Nylon Angel
- First edition
- Author: Marianne de Pierres
- Cover artist: Larry Rostant
- Language: English
- Genre: Science Fiction
- Publisher: Orbit Books
- Publication date: 2004
- Media type: Paperback
- Pages: 320
- ISBN: 0-451-46037-5
- Followed by: Code Noir

= Nylon Angel =

2004 novel by Marianne de Pierres

Nylon Angel is a postcyberpunk novel by science fiction author Marianne de Pierres

==Plot summary==
The story is set in post-apocalyptic Australia, around a city called the Tert. There, a bounty hunter/bodyguard named Parrish Plessis has ended up working for a ganglord called Jamon Mondo. She wants out, and her answer arrives in the form of two men wanted in connection with the killing of a journalist called Razz Retribution (In this world, the army, churches and the government have given up on the world, so it is now ruled by the media).

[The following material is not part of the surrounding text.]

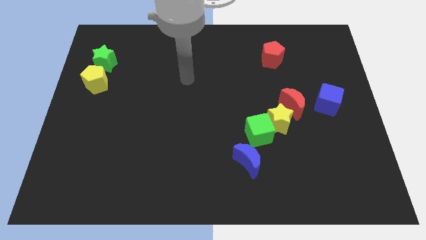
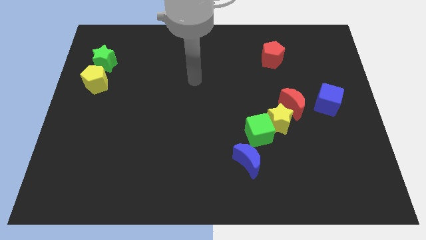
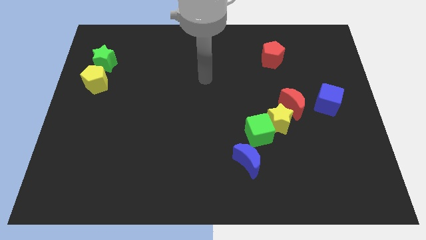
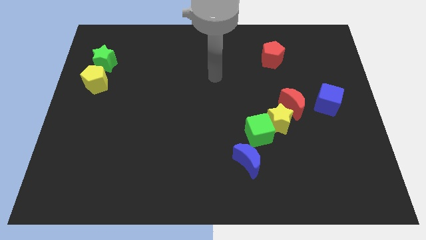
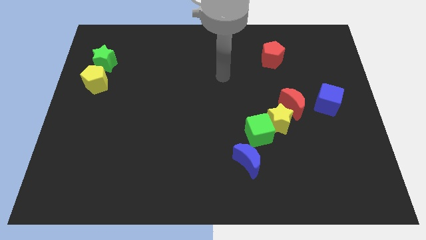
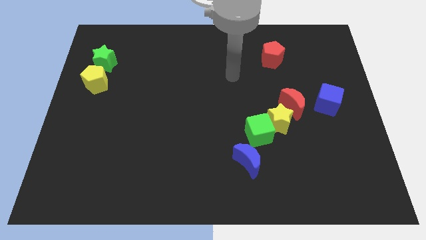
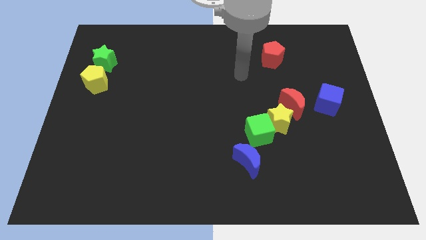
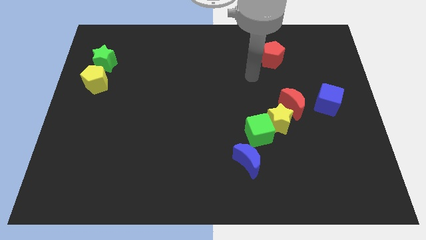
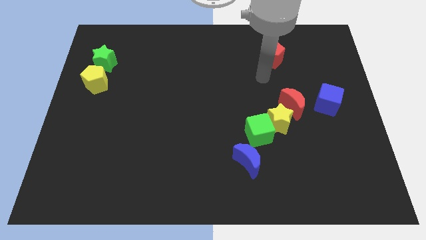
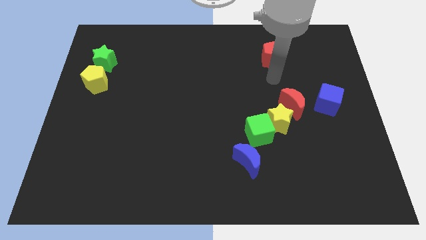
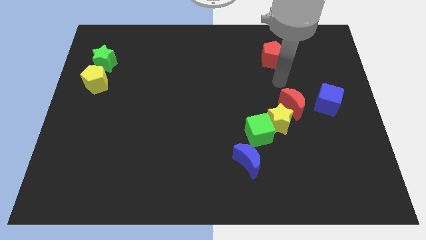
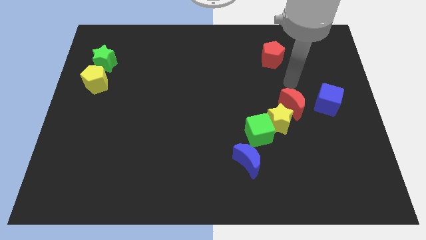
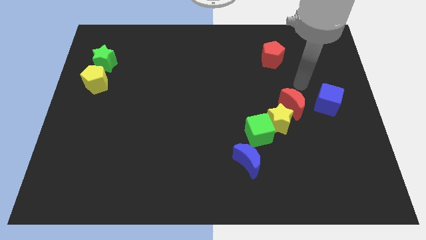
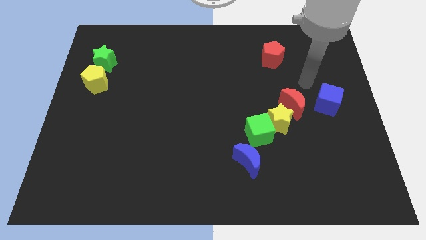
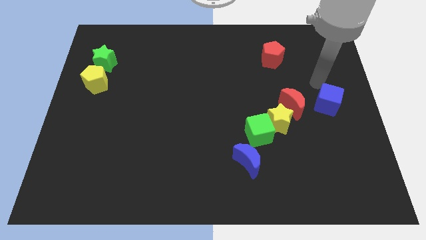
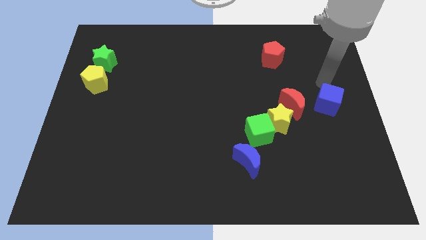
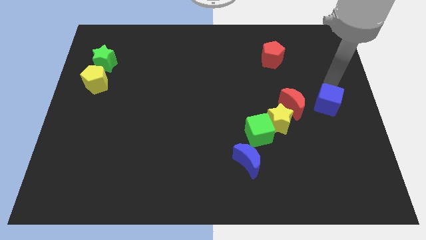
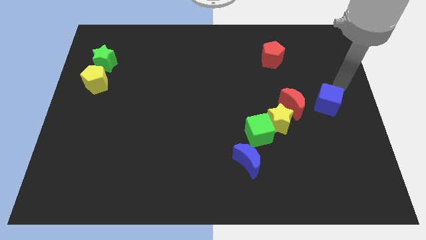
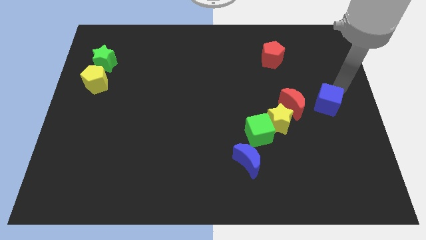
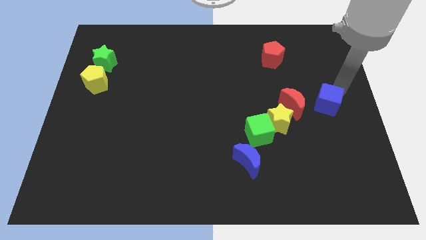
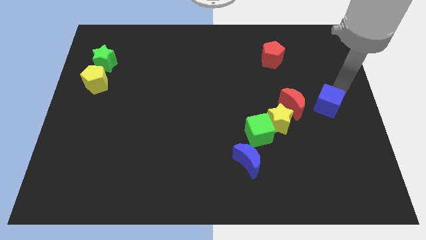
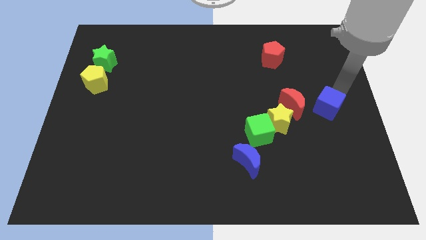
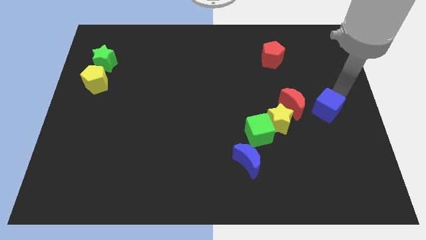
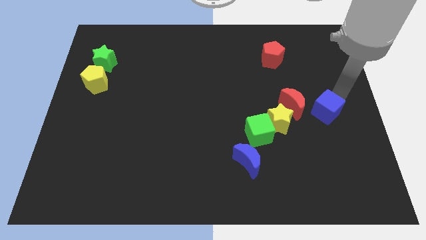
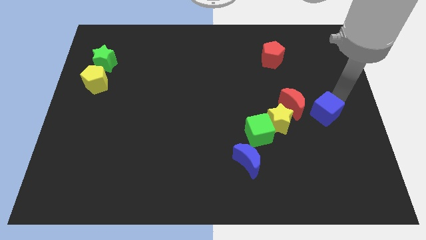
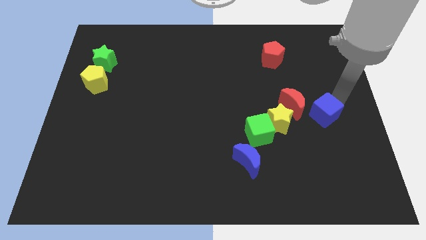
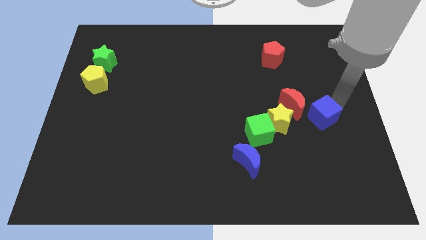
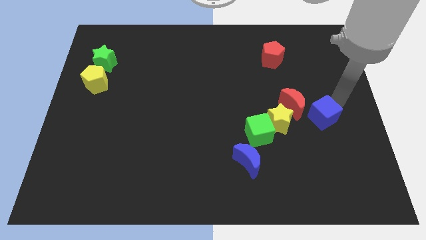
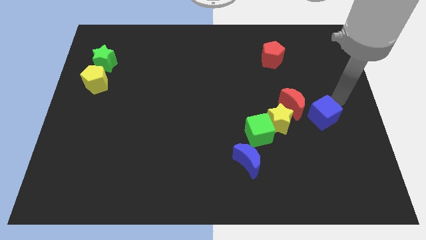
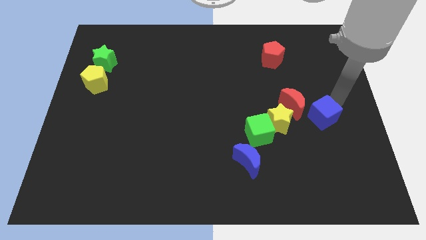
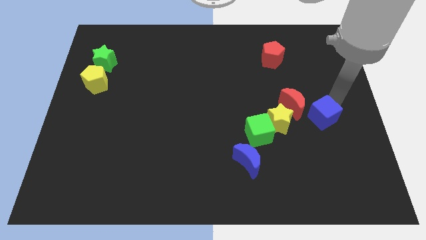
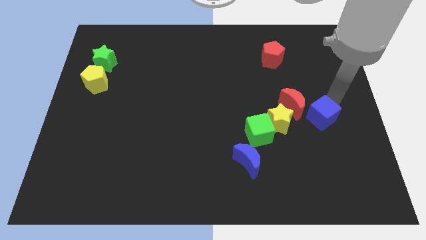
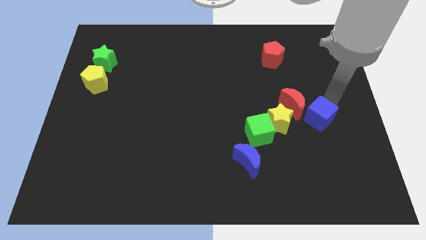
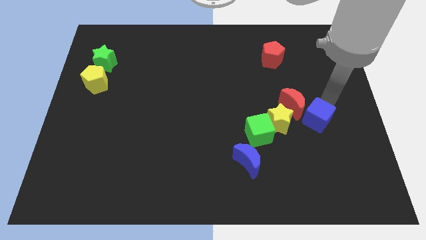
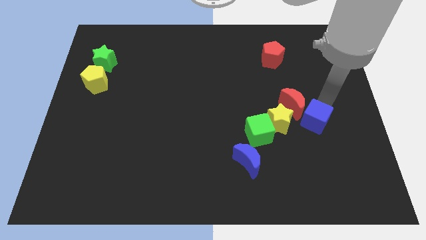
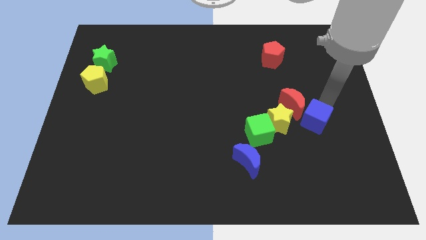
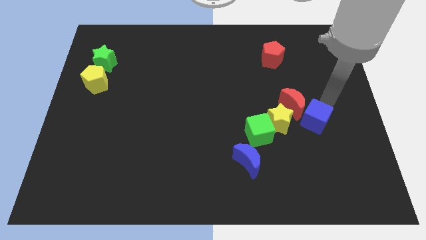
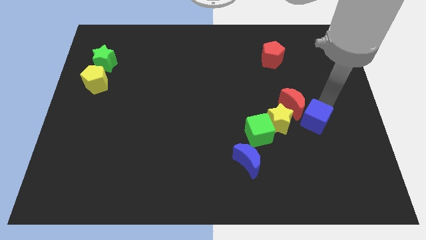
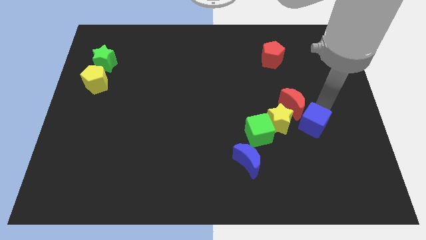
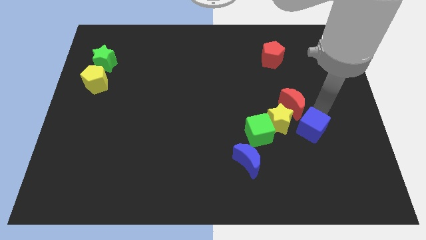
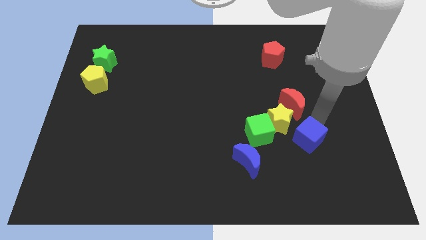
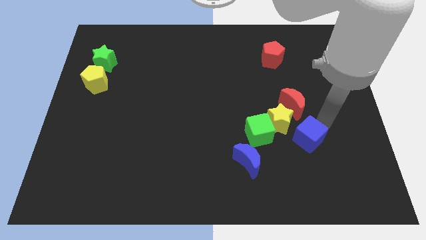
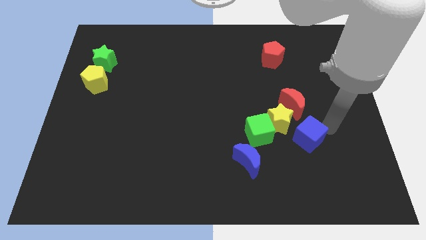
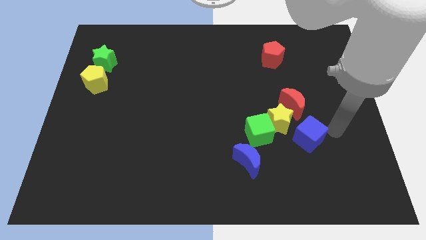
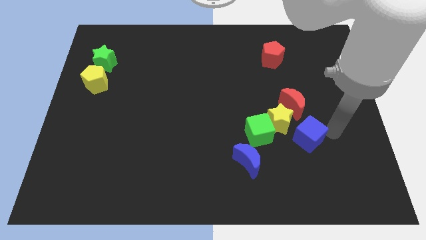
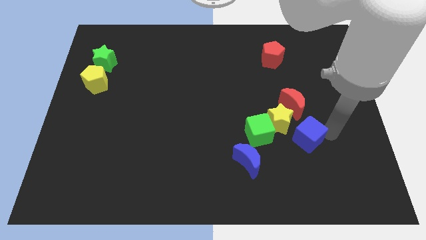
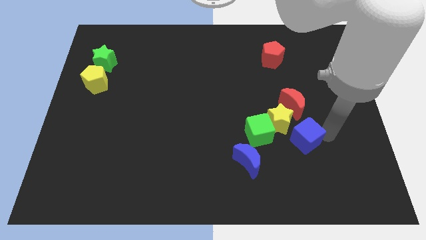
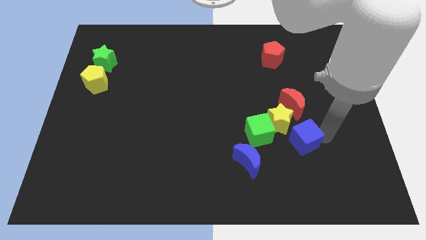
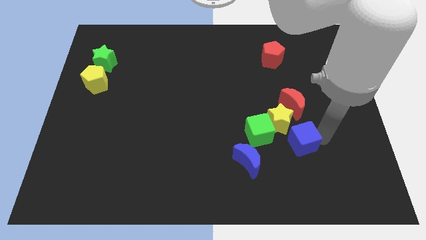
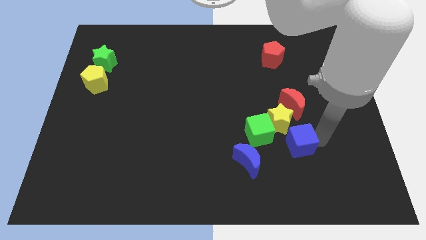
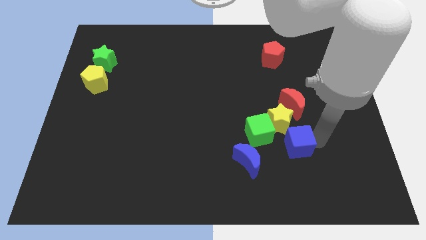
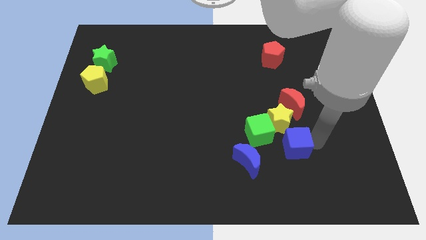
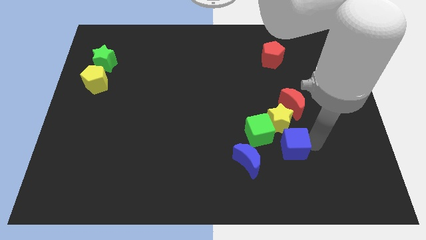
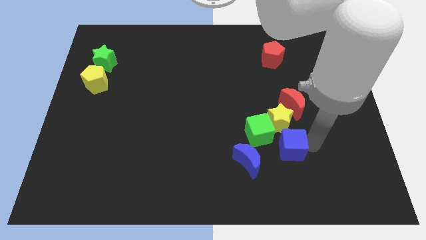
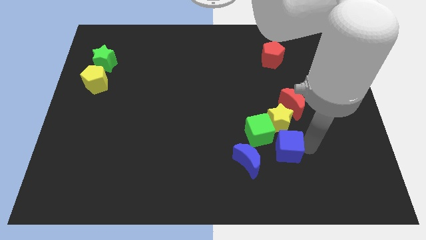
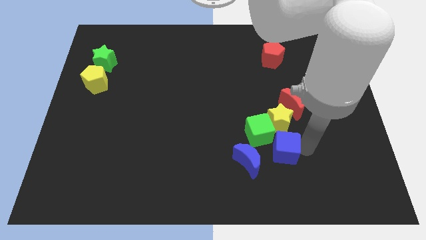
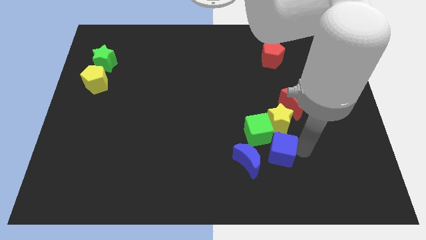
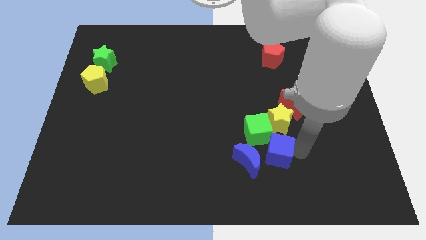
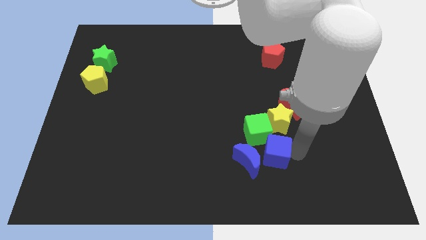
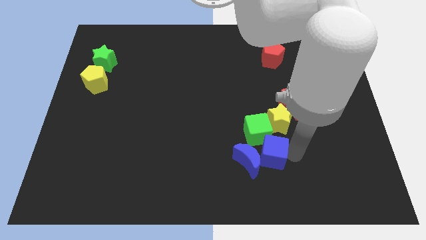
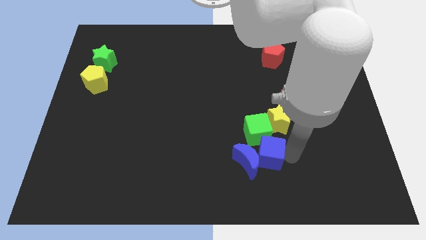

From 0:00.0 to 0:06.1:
move the blue cube next to the green cube

The story is divided between the Tert, a rundown slum reminiscent of Mega-City One, and Viva City (a pun on the word vivacity), a walled suburb some forty kilometres up the coast.

==Reception==
Cameron Woodhead of The Age called the book "a trashy, imaginative piece of cyberpunk". He said, "The novel has its problems but there is enough fashion-conscious brutality to distract you from them. A compelling blend of Mad Max and James Cameron's Dark Angel." Writing for The Canberra Times, Maxine McArthur said, "It's a strong narrative told by female bodyguard/adventurer Parrish Plessis. Be prepared for breathless action, a cyberpunk flavour, a little voodoo, and (possibly) a science-fiction core to the plot."

In a largely positive review, The Sydney Morning Herald critic Tim Cadman stated, "The plot is a bit slow to get going and concentration on the protagonist makes the other characters a little one-dimensional, but this is fortunately counterbalanced by vivid descriptions of life in the slums that have an almost cinematic quality. Occasional touches of Australiana add local colour to the underlying themes of urban decay and media exploitation, and it is this combination that makes the book an exciting and adrenalin-pumping read."

==Adaptations==
A role playing game based on the series has been created by White Mice Worldbuilding.